An Iraqi father accused of beating, imprisoning, and threatening to kill his daughter after she refused an arranged marriage has been arrested in Sweden on a European warrant issued by Italian authorities.
The 52-year-old man was tracked down by Taranto State Police after the authorities in southern Italy opened an investigation into domestic abuse and forced marriage following a complaint from the young woman last November.
As reported by Il Giornale, prosecutors say the victim told officers her father had demanded she marry a Kurdish man selected by him and had threatened her with death if she resisted or tried to flee abroad.
The woman had traveled from Iraq to join her family in Taranto, but investigators say she soon found herself trapped in what police described as a family campaign to force her into submission.
According to the allegations, her relatives sided with her father because they believed she wanted to live in a way that was too “Western” and incompatible with their cultural expectations.
When she refused to obey, her father allegedly held her captive inside an apartment in the southern Italian city and subjected her to violence that left her with injuries requiring 15 days to recover.
Police also believe the pressure became so severe that the young woman was forced to give up work and began a life of isolation, fuelled by fear over her safety.
The young woman gave evidence under protected arrangements before being moved to a secure facility, where she remains.
Investigators later discovered the father had left Italy for Sweden. Swedish authorities arrested him on the European warrant issued after a precautionary detention order by a judge in Taranto.
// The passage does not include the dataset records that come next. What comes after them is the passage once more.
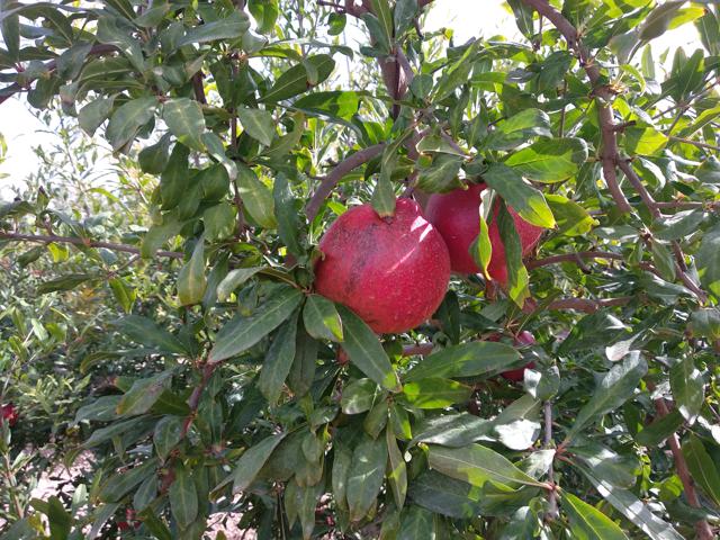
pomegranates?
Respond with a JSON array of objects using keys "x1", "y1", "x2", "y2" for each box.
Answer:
[
  {"x1": 424, "y1": 182, "x2": 543, "y2": 282},
  {"x1": 313, "y1": 197, "x2": 451, "y2": 334},
  {"x1": 487, "y1": 332, "x2": 540, "y2": 381},
  {"x1": 0, "y1": 403, "x2": 18, "y2": 427}
]
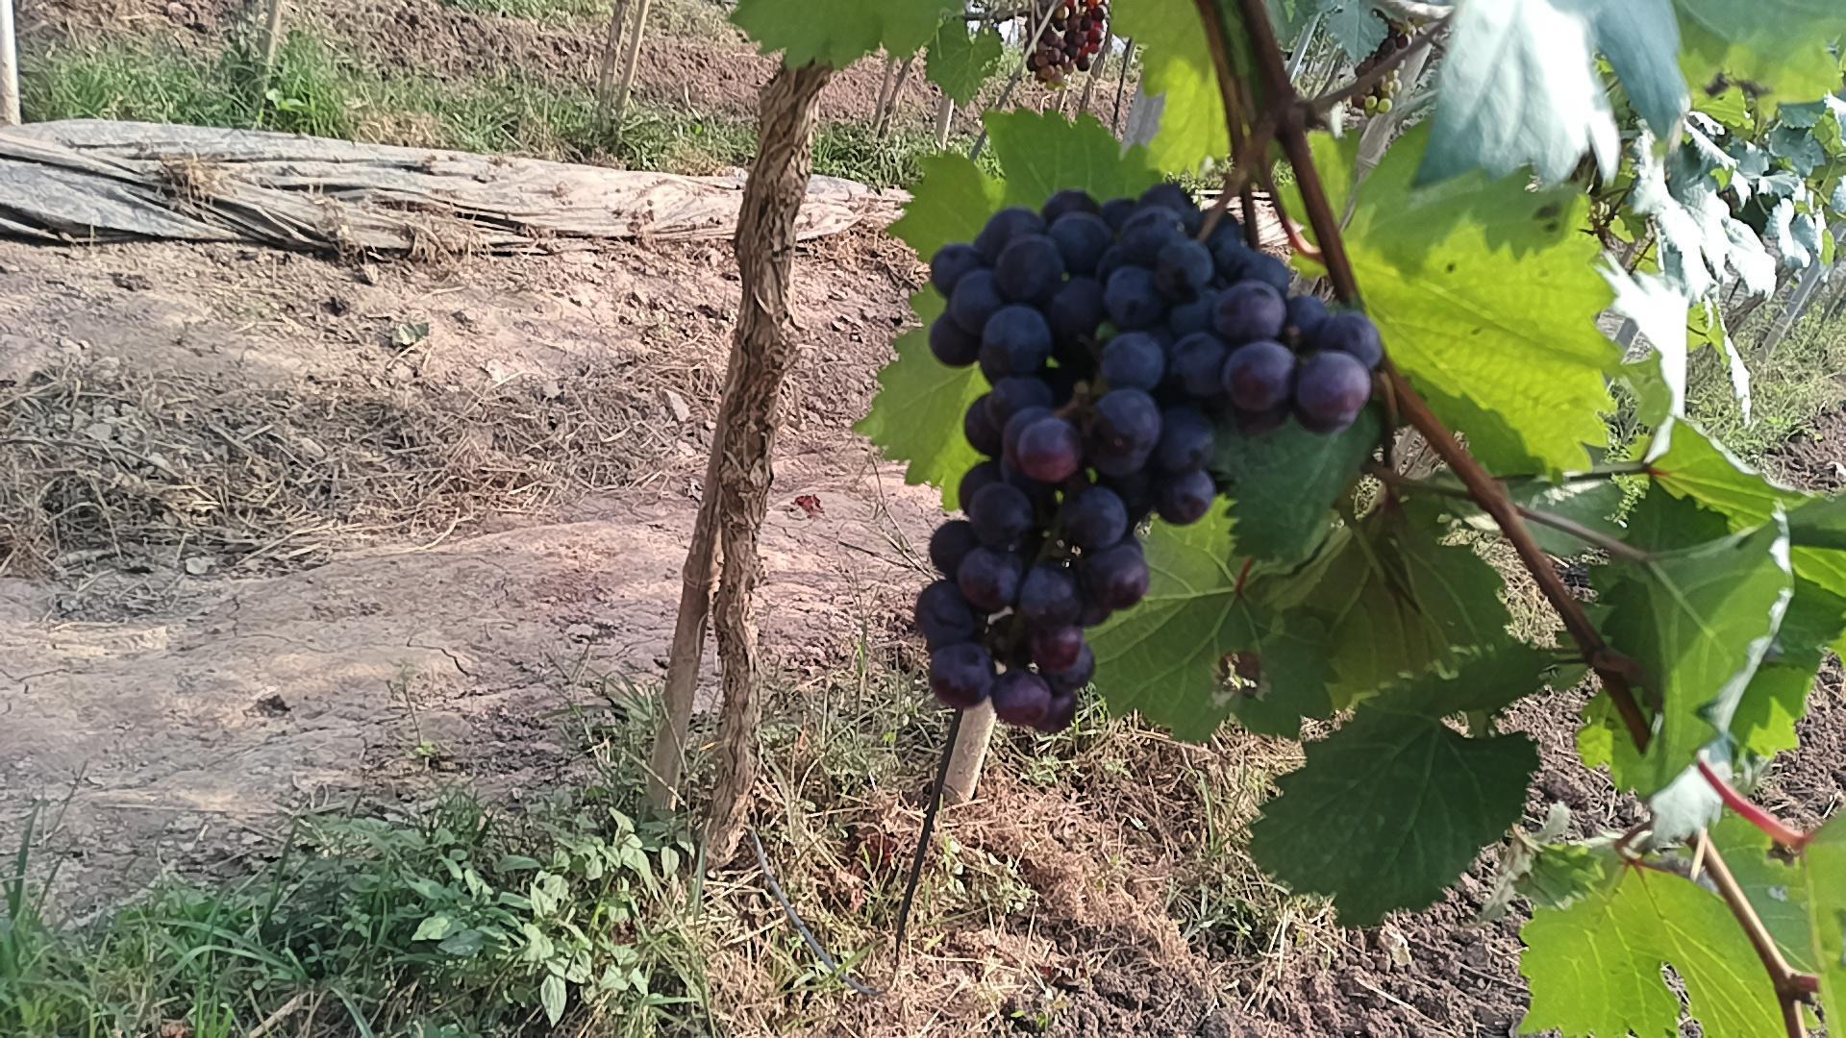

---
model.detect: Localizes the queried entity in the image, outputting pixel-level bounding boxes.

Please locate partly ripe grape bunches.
[1348,18,1412,116]
[1026,0,1109,86]
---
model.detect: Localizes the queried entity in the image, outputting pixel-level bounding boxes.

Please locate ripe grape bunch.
[916,185,1381,731]
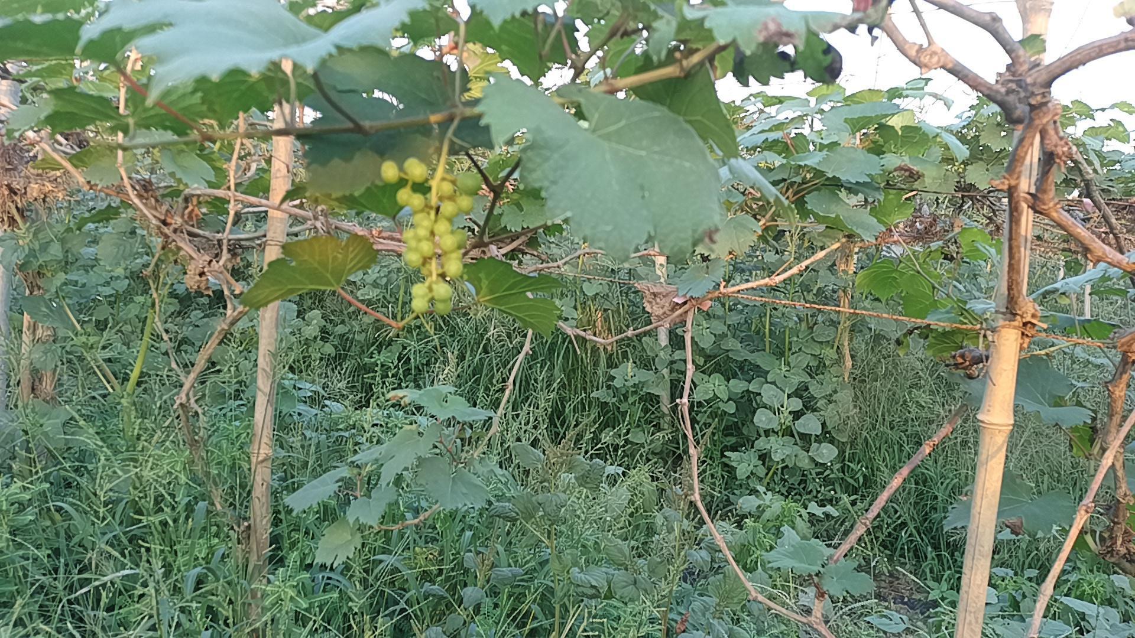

The case is the latest in a string of forced marriage scandals across Europe involving migrant families accused of using threats, violence, and isolation to control young women who refuse marriages arranged by relatives.
In October last year, a Bangladeshi couple living in Rimini was placed under house arrest after prosecutors accused them of forcing their daughter into marriage in Bangladesh and subjecting her to threats, abuse, and drugs intended to induce pregnancy.
The 20-year-old woman was taken into protective custody after allegedly being tricked into traveling to Bangladesh under the false pretense of visiting a sick relative.
Once there, prosecutors say, her parents confiscated her documents and forced her to marry a wealthy man more than 20 years older than her. The wedding was held on Dec. 17, 2024.
Italian investigators allege she was threatened and abused before and after the ceremony. She was also reportedly given medication intended to promote pregnancy and sedatives to reduce her resistance to sex with her husband.
The young woman secretly began taking contraceptives and eventually managed to contact a health center in Rimini through Instagram, triggering contact with Italian authorities. She later convinced her mother to bring her back to Italy by claiming she would feel “more at peace” and ready to have children if she returned.
Forced marriage fears have also escalated in Germany, where Berlin authorities warned last summer that the school holidays are a danger period for young people being taken abroad and married against their will.
Women’s rights advocate Seyran Ates warned that the problem was growing amid mass immigration and the spread of parallel communities.
“I fear the numbers will continue to rise,” she told German broadcaster RBB, as cited by Junge Freiheit.
“In Germany, we speak of a parallel society of the Muslim community,” she said, adding that forced marriage is a tool used by “archaic patriarchal societies” to enforce religious norms and control female sexuality.
Berlin’s Neukolln district also sounded the alarm, warning that young people could be taken out of the country during the holidays to be married in their parents’ country of origin, often with no clear way back.
“Most of the affected girls and boys grew up in Germany,” the district office said.
District Mayor Martin Hikel said, “Forced and early marriages are human rights violations that we do not tolerate. But, we know that they are a reality for Neukolln’s young people.”
🇬🇷 "There were 40-year-olds in facilities for unaccompanied minors, drug trafficking, and the relatives of a 15-year-old girl organized her stoning because she resisted a forced marriage."
Greek minister Eirini Agapidaki recalls the horrors that unfolded at the Moria migrant… pic.twitter.com/Pp1qC76e0M
— Remix News & Views (@RMXnews) April 28, 2026
In Greece, a government minister recently described another horrifying case from the 2019 migrant crisis, claiming a teenage girl in the Moria camp on Lesbos was almost stoned after refusing a forced marriage.
Eirini Agapidaki said the camp had descended into “absolute chaos” at the time.
“I honestly don’t want to talk about what I saw and what I found there, because they are very, very ugly things,” she said. “They expose the country.”
Agapidaki claimed the girl had effectively been sold into marriage by her mother.
“A mother had agreed to marry off her 15-year-old daughter to someone there,” she said. “And because the girl resisted, the community organized a stoning.”
The minister said she only learned of the case after the girl had been removed from the camp and placed in a shelter for unaccompanied minors.